## Exercise requirements:
Copy out the data in full and exactly, passing over the pictures.

(Collected data entries)
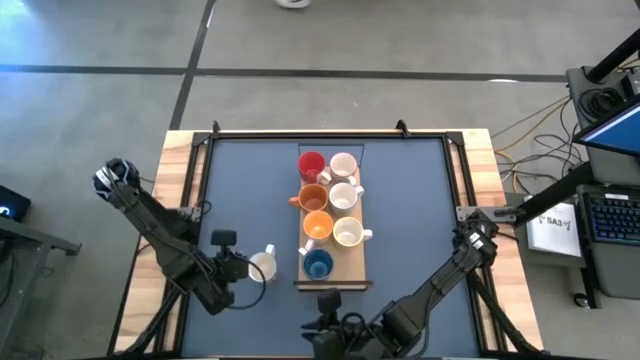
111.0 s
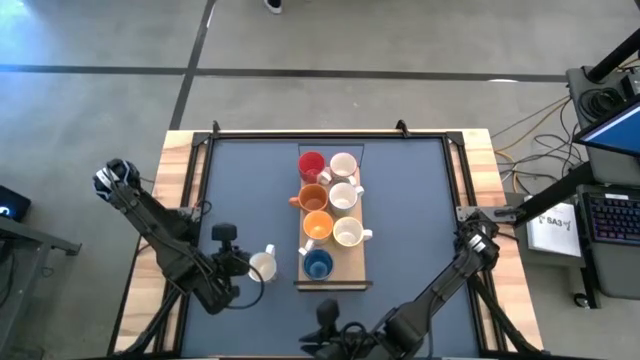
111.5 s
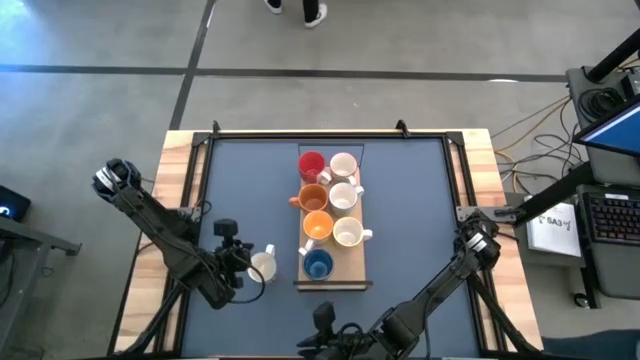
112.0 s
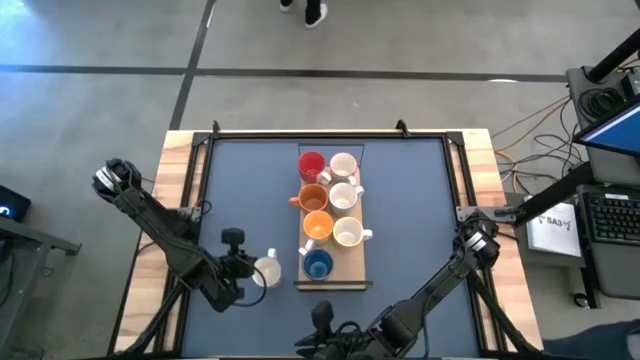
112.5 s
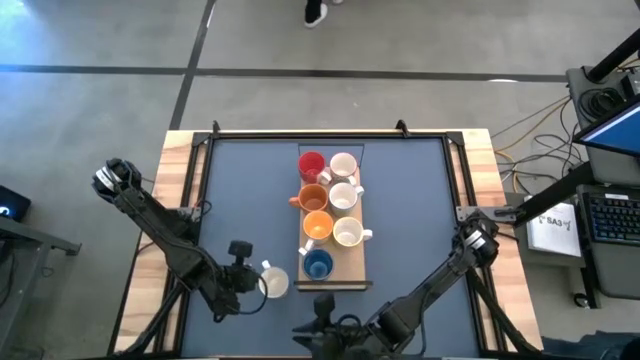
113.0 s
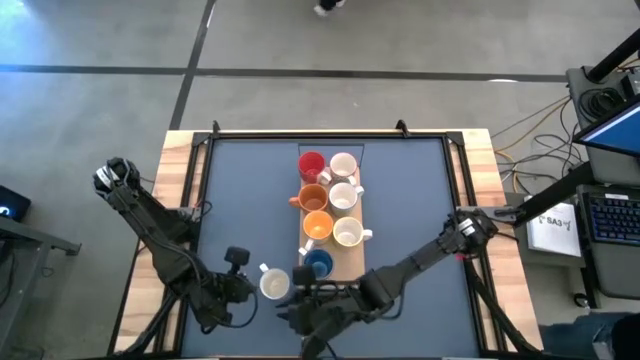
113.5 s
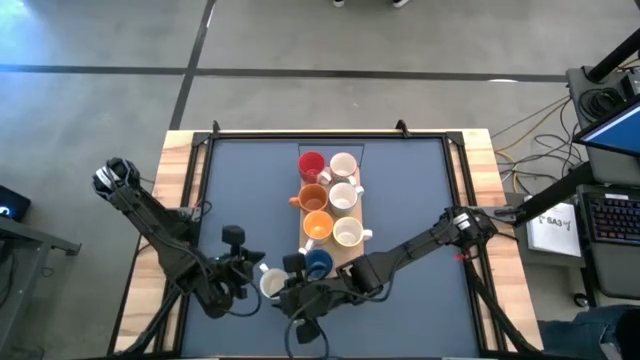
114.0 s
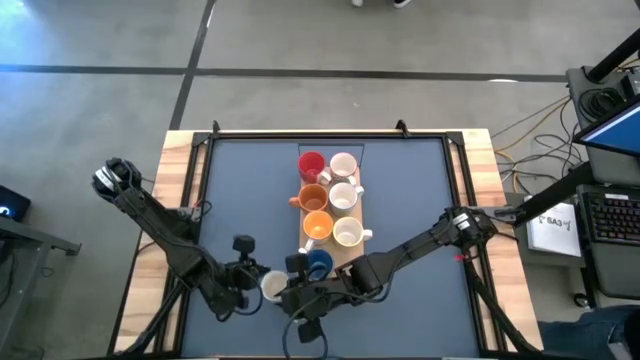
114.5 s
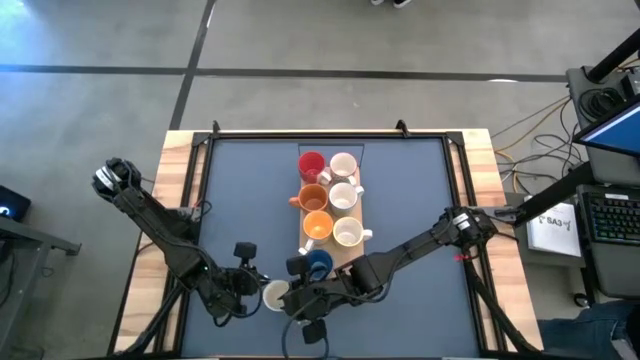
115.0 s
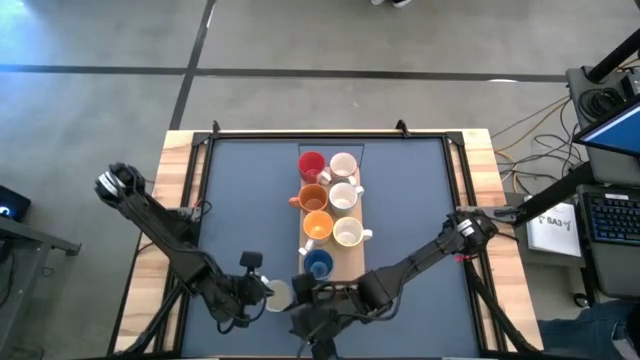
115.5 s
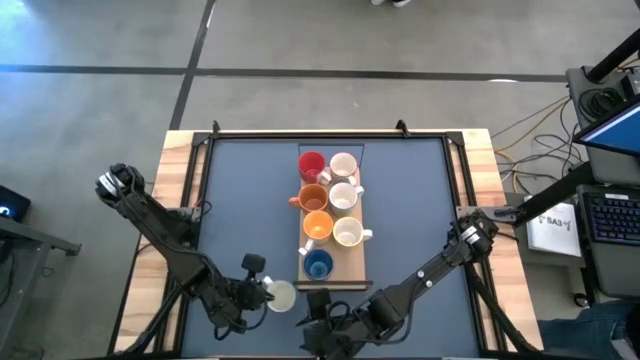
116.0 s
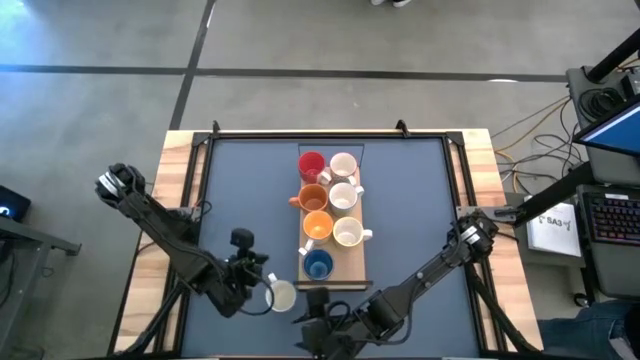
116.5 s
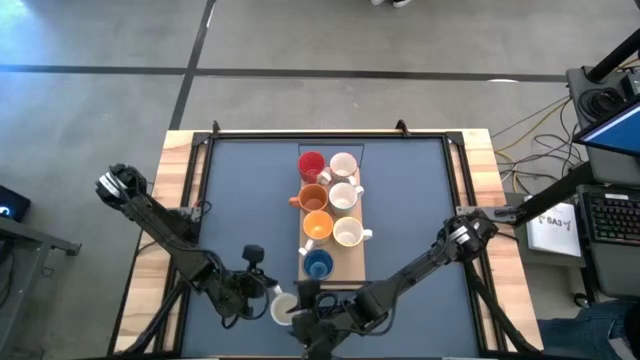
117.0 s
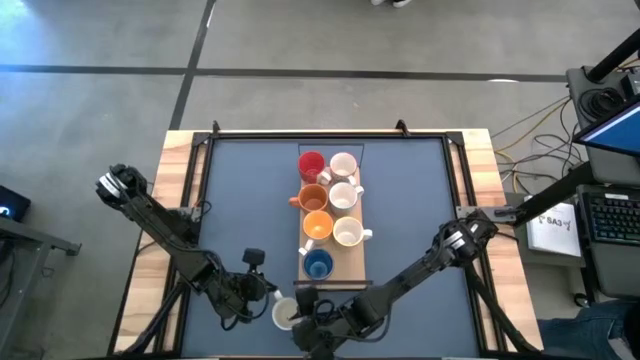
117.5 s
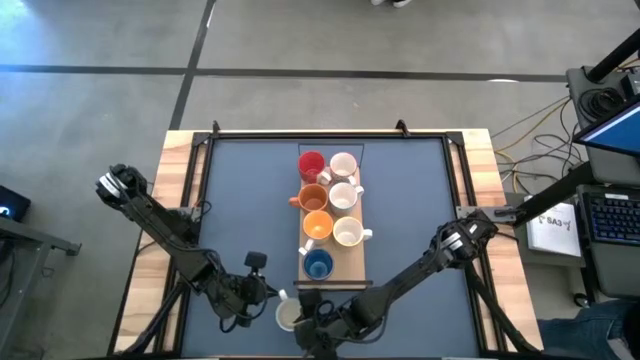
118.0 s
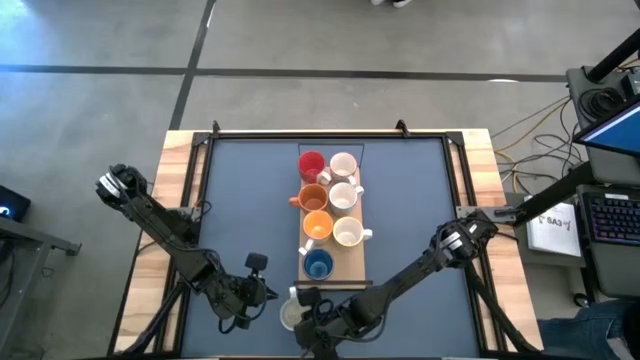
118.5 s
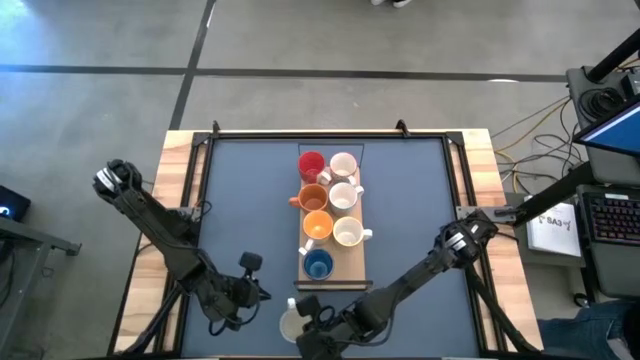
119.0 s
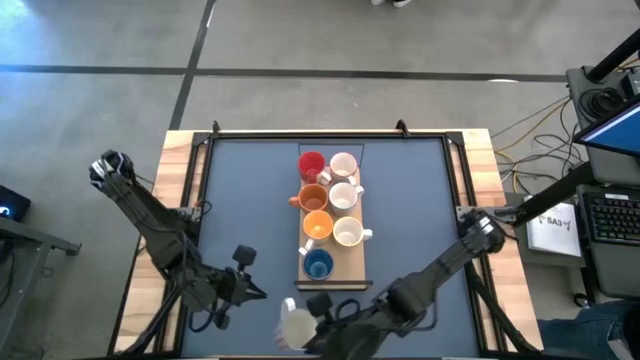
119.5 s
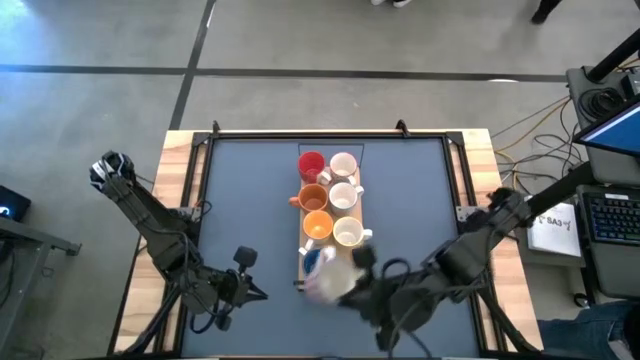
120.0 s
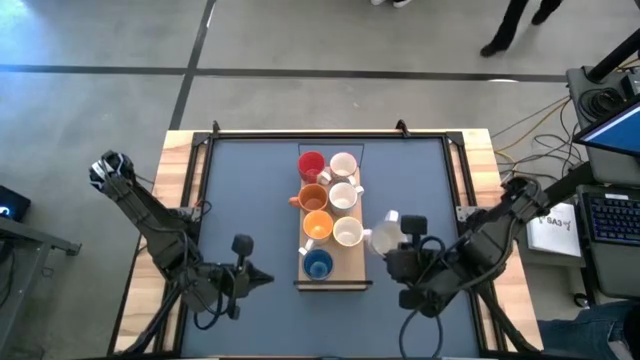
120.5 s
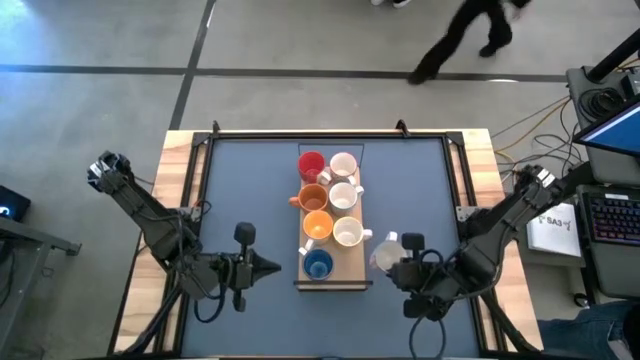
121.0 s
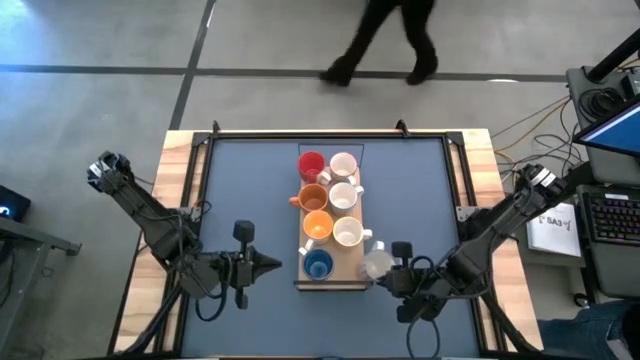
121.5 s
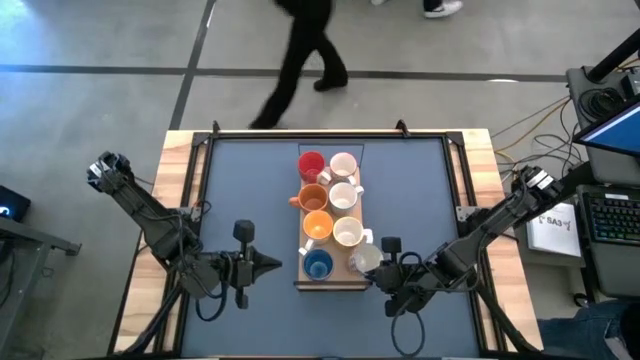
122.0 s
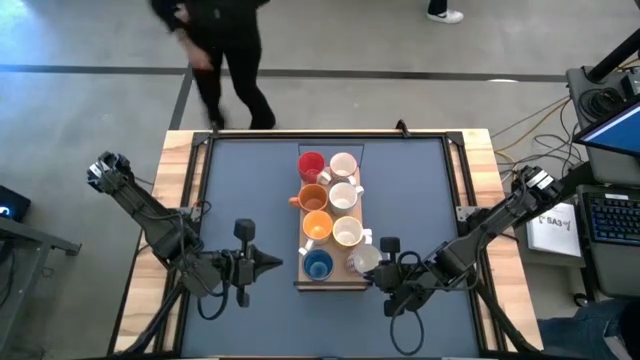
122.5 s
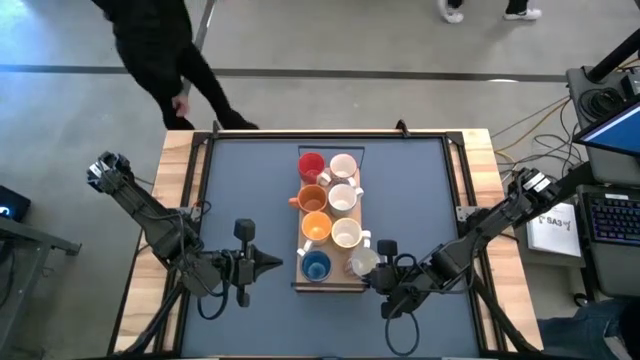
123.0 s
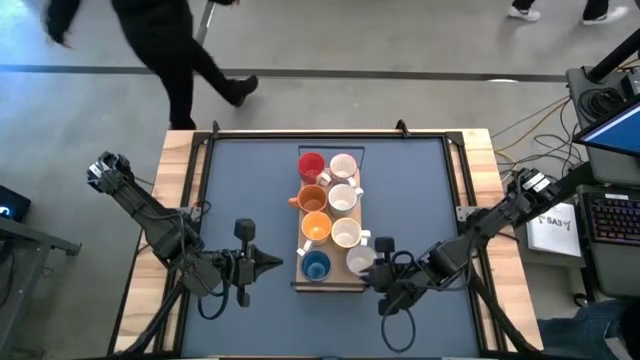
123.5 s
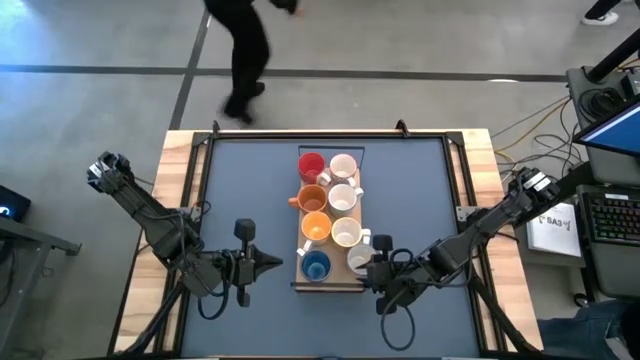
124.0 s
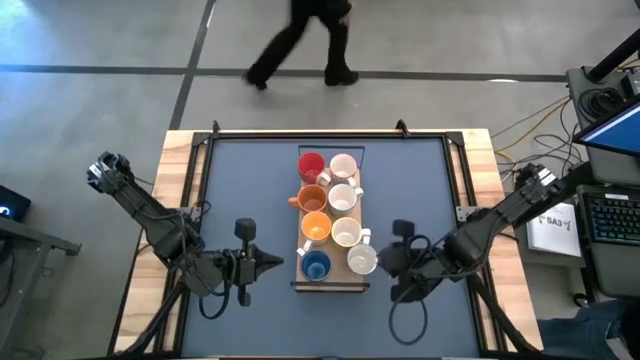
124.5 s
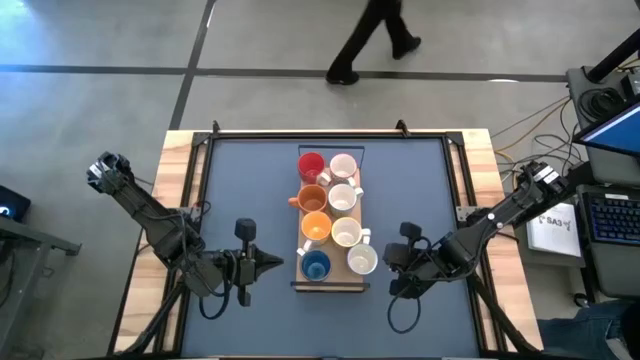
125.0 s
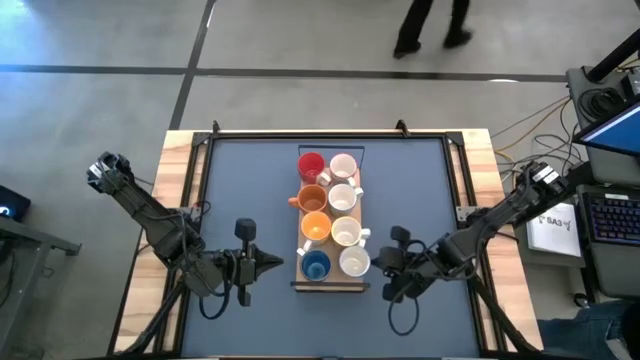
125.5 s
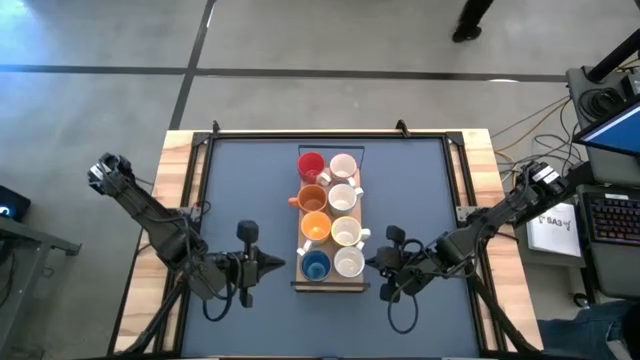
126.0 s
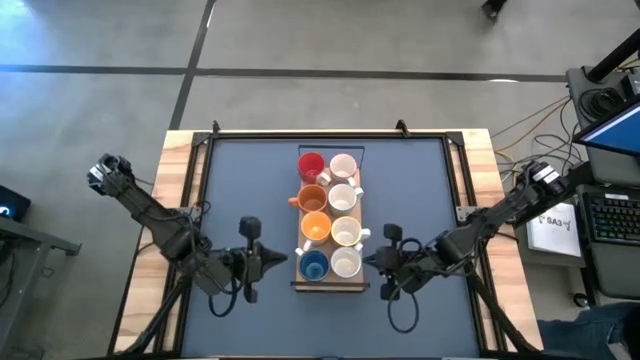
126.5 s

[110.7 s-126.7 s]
Task: Place coffee mugs
Put the red patterned mug on the shelf

## Reply:
111.0 s
111.5 s
112.0 s
112.5 s
113.0 s
113.5 s
114.0 s
114.5 s
115.0 s
115.5 s
116.0 s
116.5 s
117.0 s
117.5 s
118.0 s
118.5 s
119.0 s
119.5 s
120.0 s
120.5 s
121.0 s
121.5 s
122.0 s
122.5 s
123.0 s
123.5 s
124.0 s
124.5 s
125.0 s
125.5 s
126.0 s
126.5 s

[110.7 s-126.7 s]
Task: Place coffee mugs
Put the red patterned mug on the shelf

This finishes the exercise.